Let a zero-memory source $FI$ defined by $\mathcal{A} = \{ a_1, a_2, a_3 \}$ with $P = \left\{ \frac{3}{4}, \frac{1}{12}, \frac{2}{12} \right\}$, and additionally $\mathcal{B} = \{ 0, 1 \}$. Let's build a table using python, pandas, and numpy:

import pandas as pd
import numpy as np
df = pd.DataFrame(
    np.array([[3/4, 1/12, 2/12]]).T,
    columns=["p"],
    index=["a_1", "a_2", "a_3"]
)

resulting in the table:

p
a1 0.75
a2 0.0833333
a3 0.166667

(if you want to generate tables for markdown or latex from a pandas DataFrame, you can use the methods DataFrame.to_markdown() and DataFrame.to_latex())
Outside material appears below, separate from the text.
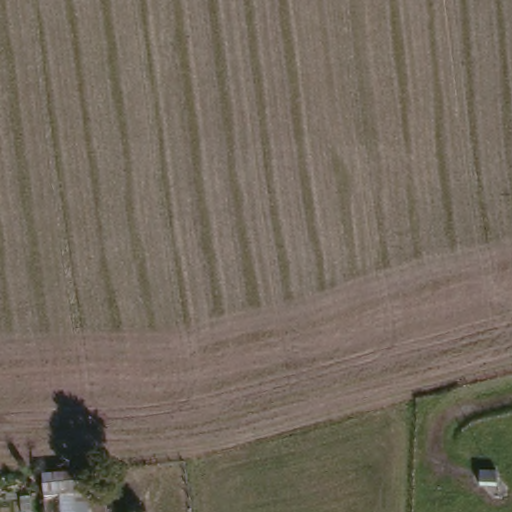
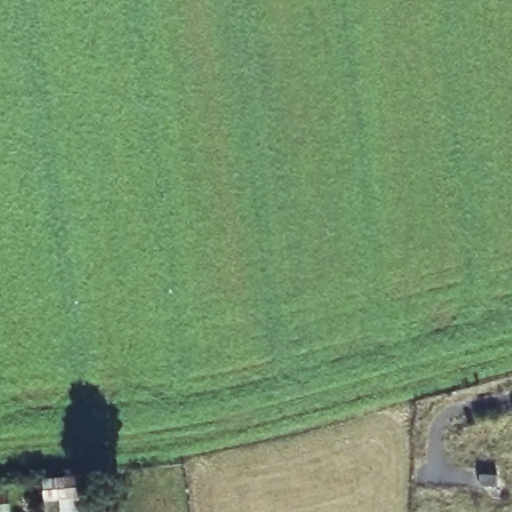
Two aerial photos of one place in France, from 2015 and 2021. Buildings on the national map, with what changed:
unchanged [(490,464),(490,477),(470,476),(470,463),(490,464)]
unchanged [(41,508),(39,476),(85,475),(89,512),(57,512),(57,507),(41,508)]

Our next step is to calculate the information $I(a_i) = \log\left(\frac{1}{p_i}\right)$ for each symbol:

df["log2(1/p)"] = np.log2(1/df["p"])

resulting in the table:

$p$ $\log_2(1/p)$
$a_1$ 0.75 0.415037
$a_2$ 0.0833333 3.58496
$a_3$ 0.166667 2.58496

Next, we calculate the lengths $l_i = \left\lceil\log\left(\frac{1}{p_i}\right)\right\rceil$:

df["l"] = np.ceil(df["log2(1/p)"])

resulting in the table:

$p$ $\log_2(1/p)$ l
$a_1$ 0.75 0.415037 1
$a_2$ 0.0833333 3.58496 4
$a_3$ 0.166667 2.58496 3

Therefore, we can propose an instantaneous code given by these lengths and using the previously mentioned code alphabet. For example:

$p$ $\log_2(1/p)$ l codigo
$a_1$ 0.75 0.415037 1 1
$a_2$ 0.0833333 3.58496 4 0001
$a_3$ 0.166667 2.58496 3 001

If we wanted to calculate the average length

(df["p"]*df["l"]).sum()

we obtain $L_f\approx 1.58$. If we wanted to calculate the entropy

(df["p"]*df["log2(1/p)"]).sum()

resulting in $H(FI) \approx 1.04$.

Performance and Redundancy of a Uniquely Decodable Code

In the context we were discussing, the performance $\eta$ of a code is defined as

$$ \eta = \frac{H_k(FI)}{L_f} $$

and the redundancy as

$$ 1 - \eta = 1 - \frac{H_k(FI)}{L_f} = \frac{L_f - H_k(FI)}{L_f} $$

An optimal code has maximum performance and minimum redundancy.